Extracted data entries:
'''

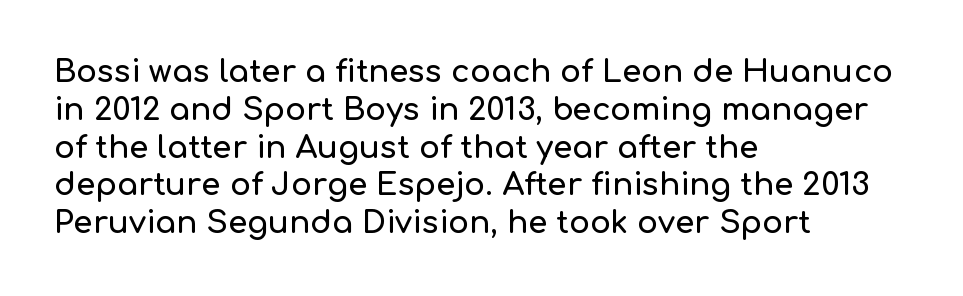
Q: Is the text italic (slanted)? A: No, it is upright.
Q: Is the typeface a serif or a sans-serif typeface? A: Sans-serif.
Q: Is the text underlined? A: No.
Q: How is the paragraph aligned? A: Left-aligned.
Q: Is the spacing between letters normal or unusually wide? A: Normal.
Q: Width (condensed, normal, or wide)? A: Normal.
Q: Stroke contrast? A: Low.
Q: x-height? A: Medium.
Q: Monospaced? A: No.

'''

* [ACTION ITEM] Every line holding the string "wide" should be copied here, so please find those lines in the data.

* [SOLVED EXERCISE]
Q: Is the spacing between letters normal or unusually wide? A: Normal.
Q: Width (condensed, normal, or wide)? A: Normal.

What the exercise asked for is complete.